• _Provided material_:
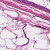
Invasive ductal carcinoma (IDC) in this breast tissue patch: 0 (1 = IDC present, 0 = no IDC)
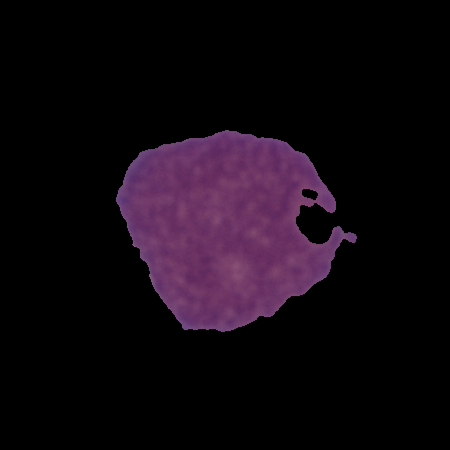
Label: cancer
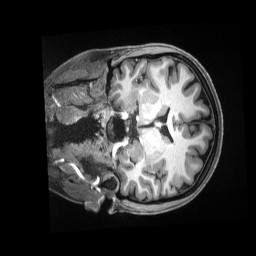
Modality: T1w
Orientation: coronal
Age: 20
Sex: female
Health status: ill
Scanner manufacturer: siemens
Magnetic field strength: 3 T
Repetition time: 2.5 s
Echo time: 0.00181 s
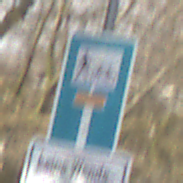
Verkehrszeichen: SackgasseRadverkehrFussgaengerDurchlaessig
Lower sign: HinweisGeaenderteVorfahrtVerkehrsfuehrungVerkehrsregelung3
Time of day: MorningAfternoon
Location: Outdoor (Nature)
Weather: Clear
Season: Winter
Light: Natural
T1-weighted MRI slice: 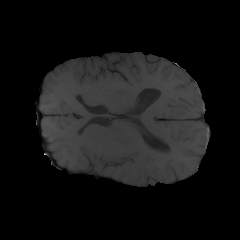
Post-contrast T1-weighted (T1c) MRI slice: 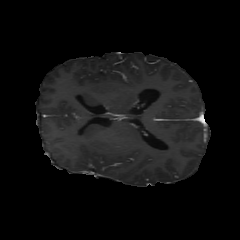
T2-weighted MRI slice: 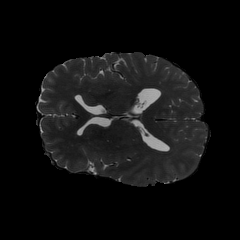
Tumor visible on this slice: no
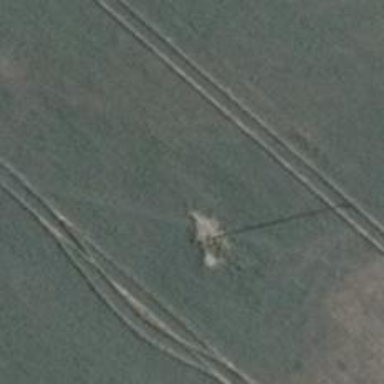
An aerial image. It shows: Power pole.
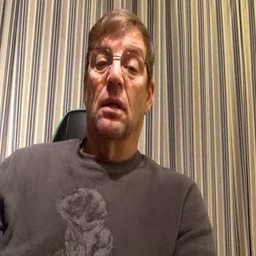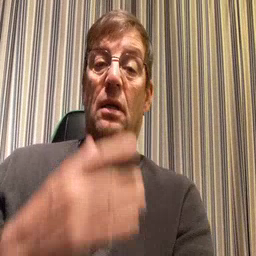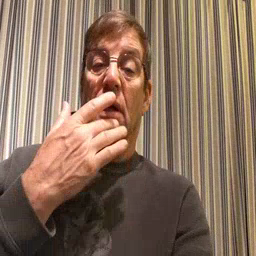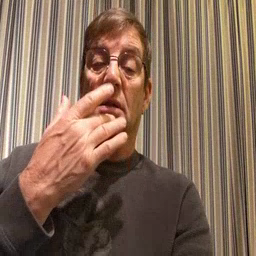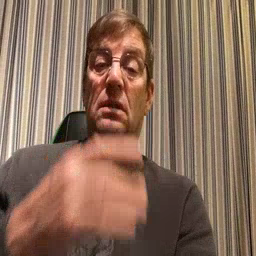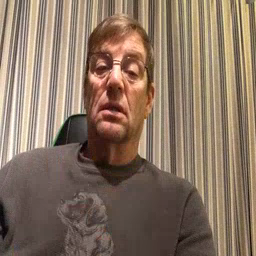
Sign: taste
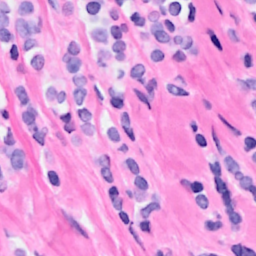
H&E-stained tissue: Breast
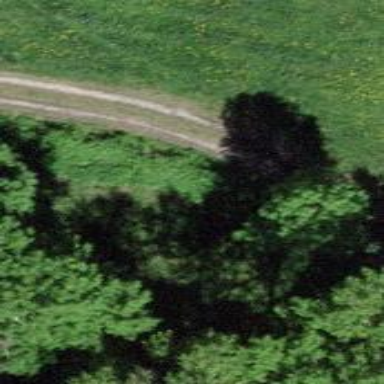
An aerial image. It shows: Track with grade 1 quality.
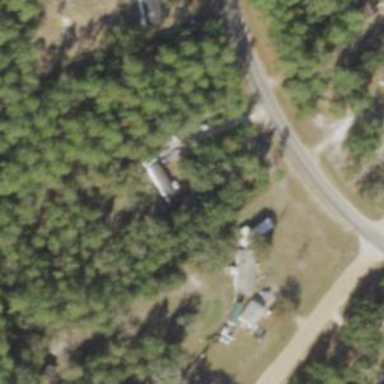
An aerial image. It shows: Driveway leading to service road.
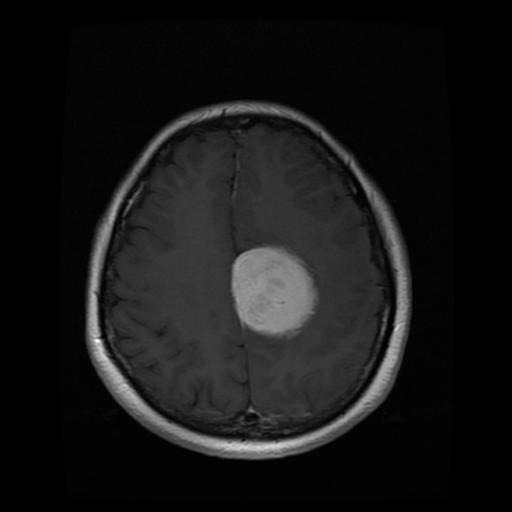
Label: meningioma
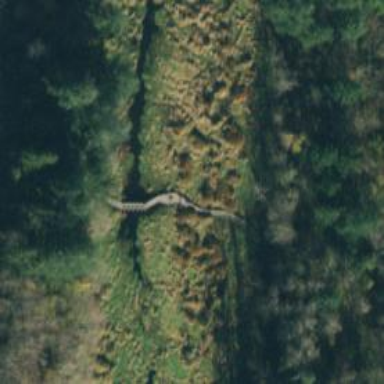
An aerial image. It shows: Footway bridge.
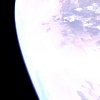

• _What needs to be done_: Restate the whole listing above exactly, please, omitting every image.

• _Solved exercise_:
Invasive ductal carcinoma (IDC) in this breast tissue patch: 0 (1 = IDC present, 0 = no IDC)
Label: cancer
Modality: T1w
Orientation: coronal
Age: 20
Sex: female
Health status: ill
Scanner manufacturer: siemens
Magnetic field strength: 3 T
Repetition time: 2.5 s
Echo time: 0.00181 s
Verkehrszeichen: SackgasseRadverkehrFussgaengerDurchlaessig
Lower sign: HinweisGeaenderteVorfahrtVerkehrsfuehrungVerkehrsregelung3
Time of day: MorningAfternoon
Location: Outdoor (Nature)
Weather: Clear
Season: Winter
Light: Natural
T1-weighted MRI slice: 
Post-contrast T1-weighted (T1c) MRI slice: 
T2-weighted MRI slice: 
Tumor visible on this slice: no
An aerial image. It shows: Power pole.
Sign: taste
H&E-stained tissue: Breast
An aerial image. It shows: Track with grade 1 quality.
An aerial image. It shows: Driveway leading to service road.
Label: meningioma
An aerial image. It shows: Footway bridge.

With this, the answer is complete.